‘Typecasting St Bernards’ Stephen Frith
The commission to make additions to the former church of St Bernards’ at Reidsdale, near Braidwood, NSW, offered an opportunity to explore notions of type in architecture. The church sits in the middle of a paddock in a rural setting. The architectural challenge for the new design becomes in large part one which plays with type: kitchens as side chapels, bathrooms as a belltower.
Type in the history of architecture is inextricably linked with the study of rhetoric, especially that part of rhetoric concerned with memory. In the community of structures that form the city, the interpretation of its architectural language, its signification, is dependent on type. Type in architecture is part of the internal reference structure of the mind. The assumption that there is a perfect type for architecture is a characteristic of later post- Enlightenment speculation, especially that at the Ecole Polytechnique in France. Type is moralised, characterised by notions of what is ‘correct’: type in architecture becomes a speculation on origins, as if by being true to type, by a process of whittling, architecture is reduced to its essence. Such reduction of elements becomes an issue of legibility, of the clear reading of architectural elements through the language of type.
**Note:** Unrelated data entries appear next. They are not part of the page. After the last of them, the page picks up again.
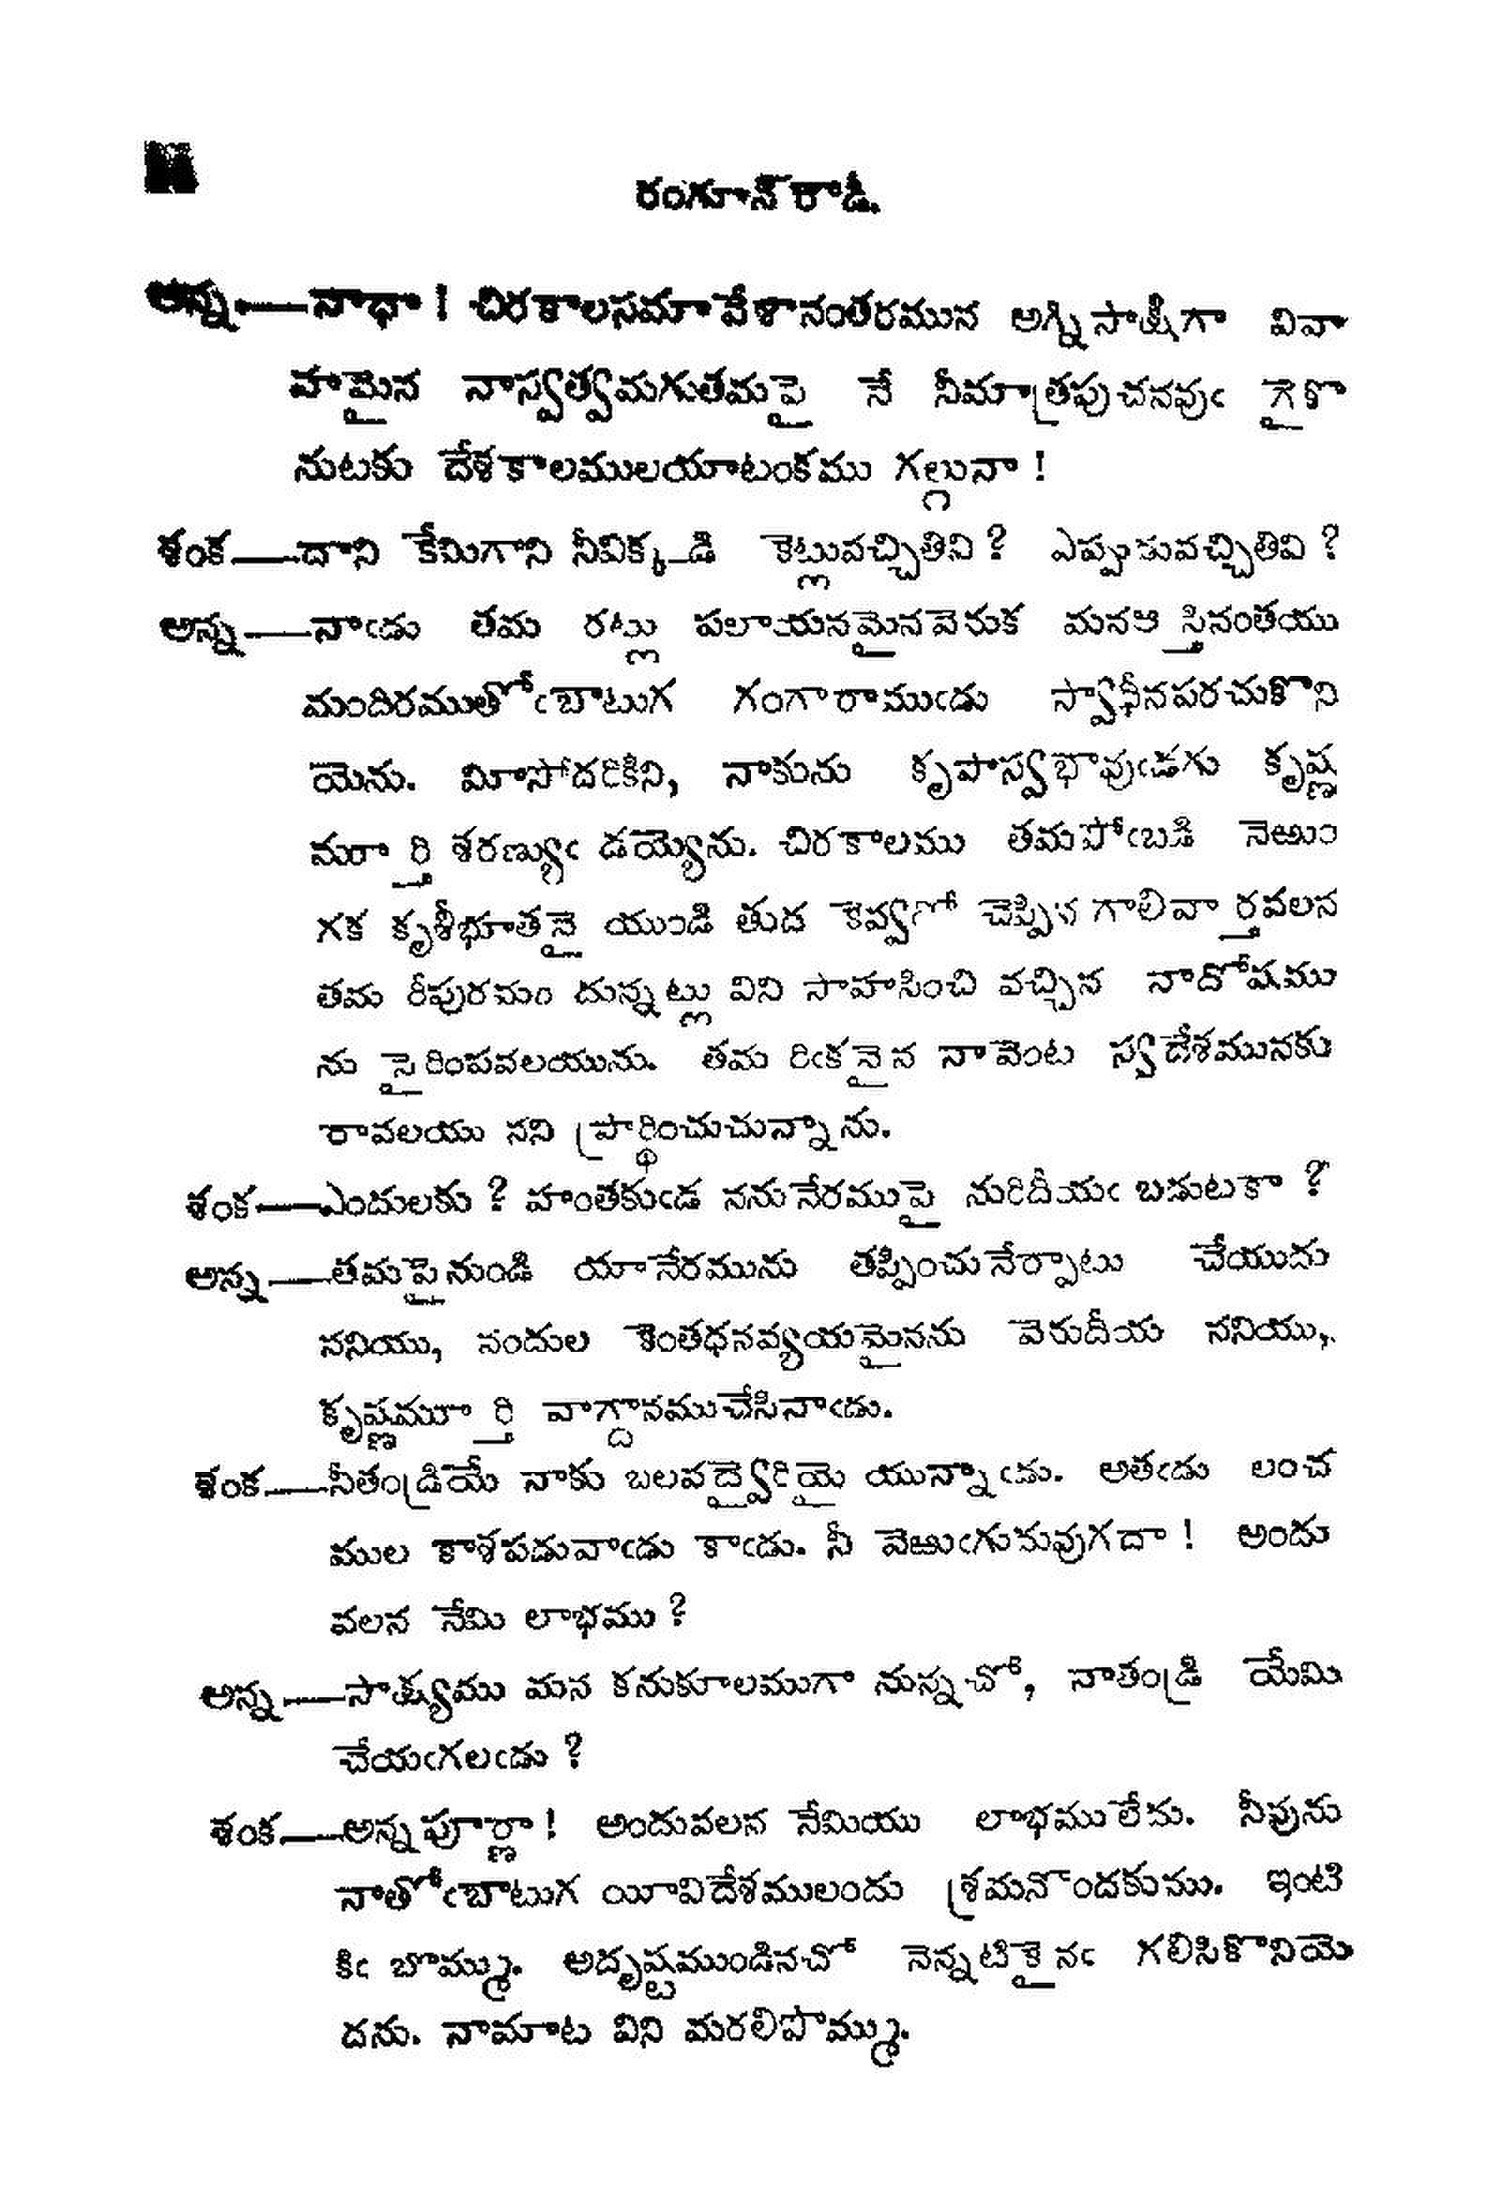అన్న - నాధా ! చిరకాలసమావేశానంతరమున అగ్నిసాక్షిగా వివాహమైన నాస్వత్వమగుతమపై నే నీమాత్రపుచనవుఁ గైకొనుటకు దేశకాలములయాటంకము గల్గునా !

శంక - దాని కేమిగాని నీవిక్కడి కెట్లువచ్చితిని ? ఎప్పుడువచ్చితివి ?

అన్న - నాఁడు తమ రట్లు పలాయనమైనవెనుక మనఆస్తినంతయు మందిరముతోఁబాటుగ గంగారాముఁడు స్వాధీనపరచుకొనియెను. మీసోదరికిని, నాకును కృపాస్వభావుఁడగు కృష్ణమూర్తి శరణ్యుఁ డయ్యెను. చిరకాలము తమపోఁబడి నెఱుంగక కృశీభూతనై యుండి తుద కెవ్వరో చెప్పిన గాలివార్తవలన తమ రీపురమం దున్నట్లు విని సాహసించి వచ్చిన నాదోషమును సైరింపవలయును. తమ రిఁకనైన నావెంట స్వదేశమునకు రావలయు నని ప్రార్థించుచున్నాను.

శంక - ఎందులకు ? హంతకుఁడ నను నేరముపై నురిదీయఁ బడుటకా ?

అన్న - తమపైనుండి యానేరమును తప్పించునేర్పాటు చేయుదుననియు, నందుల కెంతధనవ్యయ మైనను వెనుదీయ ననియు, కృష్ణమూర్తి వాగ్దానము చేసినాఁడు.

శంక - నీతండ్రియే నాకు బలవద్వైరియై యున్నాడు. అతఁడు లంచముల కాశపడువాఁడు కాఁడు. నీ వెఱుఁగుదువుగదా ! అందువలన నేమి లాభము ?

అన్న -- సాక్ష్యము మన కనుకూలముగా నున్నచో, నాతండ్రి యేమి చేయఁగలఁడు?

శంక - అన్నపూర్ణా! అందువలన నేమియు లాభములేదు. నీవును నాతోఁబాటుగ యీవిదేశములందు శ్రమనొందకుము. ఇంటికిఁ బొమ్ము. అదృష్టముండినచో నెన్నటికైనఁ గలిసికొనియెదను. నామాట విని మరలిపొమ్ము.

Type expressed as a participation in origins is distinguished against the notion of a ‘model’ in architecture, suggesting a rigid adherence to a predetermined path. Type carries with it the suggestion of an a-temporal participation, operating in the same way as a participation in myth. At St. Bernard’s Reidsdale, notions of type are explored with some license, best explained as a ‘conversation’ with the nineteenth century Gothic Revival church. This both gives freedom to architectural invention, while engaging with that understanding of type which seeks the appropriate telos, the right and good end of the architecture.